Вся зала точно вдруг проснулась. Со всех сторон поднялось волнение.
XXIII. В КЛУБЕ
Заняв место на скамье недалеко от трибуны, Сергей машинально оглядывал залу и скоро стал изумляться, зачем это он пришел сюда. Он чувствовал, что ему нет равно никакого дела до того, что здесь происходит. Он безучастно всматривался в окружавшие его лица, ловил раздававшиеся кругом фразы, и в то же время сердце его безумно ныло, хотелось ему бежать куда-нибудь дальше, все равно куда, только бы как-нибудь скрыться от настигавших и томивших его мучительных мыслей. Но он хорошо знал, что ему идти некуда, что нигде не будет лучше — и впадал в какое-то тихое отчаянье и сидел неподвижно.
Заметя, как Рено стремительно пробирается к трибуне, он изумился, глядя на его взволнованное и озабоченное лицо.
— Ну, чего он, зачем? — подумалось ему. Что он будет говорить такое? Неужели он может интересоваться этим?! Ведь все равно, что бы он ни сказал, он ничем не поможет — глупость и подлость останутся неизменны…
Но едва Рено заговорил, как Сергей вышел из своего равнодушия.
Если нежданная, горячая речь Рено производила сильное впечатление на всех слушателей, то на Сергея она произвела еще сильнейшее впечатление. Внезапно позабыв себя, он всем сердцем отозвался на слова своего воспитателя; он радостно ловил их. Ему так тяжело было лишиться Рено — и вот Рено опять найден, опять вернулся, неизменный, такой же точно, какого Сергей знал, любил и уважал.
Снова пахнуло на него обаяние старых дней, горячих, задушевных разговоров, во время которых Рено воодушевлялся так же, как и теперь, и весь кипел возмущенным чувством, благородным негодованием. Он умел тогда передать это чувство, это негодование воспитаннику, и Сергей сам проникался ими.

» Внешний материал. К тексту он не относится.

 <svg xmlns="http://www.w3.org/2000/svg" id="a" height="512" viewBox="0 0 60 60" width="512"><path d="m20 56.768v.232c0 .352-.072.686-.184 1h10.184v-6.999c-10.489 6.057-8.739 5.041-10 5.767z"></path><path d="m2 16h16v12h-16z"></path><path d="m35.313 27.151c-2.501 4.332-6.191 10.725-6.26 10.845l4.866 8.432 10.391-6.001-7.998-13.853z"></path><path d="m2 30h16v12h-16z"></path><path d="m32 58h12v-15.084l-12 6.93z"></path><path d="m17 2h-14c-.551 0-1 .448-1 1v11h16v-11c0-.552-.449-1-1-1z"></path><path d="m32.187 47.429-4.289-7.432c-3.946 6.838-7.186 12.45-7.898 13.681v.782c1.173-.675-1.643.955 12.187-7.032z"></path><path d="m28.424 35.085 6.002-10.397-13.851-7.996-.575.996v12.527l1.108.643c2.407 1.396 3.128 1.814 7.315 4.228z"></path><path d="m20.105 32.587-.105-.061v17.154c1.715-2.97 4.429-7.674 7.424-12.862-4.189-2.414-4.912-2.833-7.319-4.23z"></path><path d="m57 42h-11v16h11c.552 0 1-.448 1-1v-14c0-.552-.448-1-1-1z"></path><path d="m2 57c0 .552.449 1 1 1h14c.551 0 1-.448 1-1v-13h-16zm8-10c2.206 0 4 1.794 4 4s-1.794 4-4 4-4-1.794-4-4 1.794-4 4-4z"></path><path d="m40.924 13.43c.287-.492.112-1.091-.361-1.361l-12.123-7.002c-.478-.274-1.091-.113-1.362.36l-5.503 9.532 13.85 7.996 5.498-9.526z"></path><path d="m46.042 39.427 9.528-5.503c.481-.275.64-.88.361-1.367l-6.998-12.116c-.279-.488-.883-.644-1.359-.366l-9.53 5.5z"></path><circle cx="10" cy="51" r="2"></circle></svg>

То же самое случилось и теперь.
Когда Рено замолчал и прошла первая минута,
Сергей прежде всех крикнул ему «браво!» и громко захлопал в ладоши. Такие же крики поднялись и в разных местах залы, но скоро они были заглушены дружным шиканьем огромного большинства.
Началась всеобщая сумятица. Несколько десятков людей, толкаясь и перескакивая через скамьи, устремились к трибуне, на которой еще виднелась фигура Рено, очевидно, утомленного волнением и растерянного.
Едва наступило мгновение сравнительной тишины, как снова прорывались рукоплескания и тотчас же их заглушали неистовые свистки и шиканье.
Рено пробовал сойти с кафедры, но это оказалось невозможно — толпа обступила его со всех сторон и не пропускала.
— Браво, гражданин Рено! — раздавалось то там, то здесь.
— Рено, прочь с кафедры! Нам не нужно проповедников! Не нужно изменников! — тотчас же подхватывали десятки голосов.
— Рено, спасибо! — горячо пожимая руки, шептали пробравшиеся к нему друзья и единомышленники. — Пора было давно все это им высказать, к тому же, если эти средства, которые теперь практикуются, были мыслимы в виде ожидавшегося сопротивления и насилий с той стороны, то теперь, когда сопротивления ниоткуда не предвидится, когда все соединяется и возможна дружная и честная работа, такие средства — только подлость и ничего больше!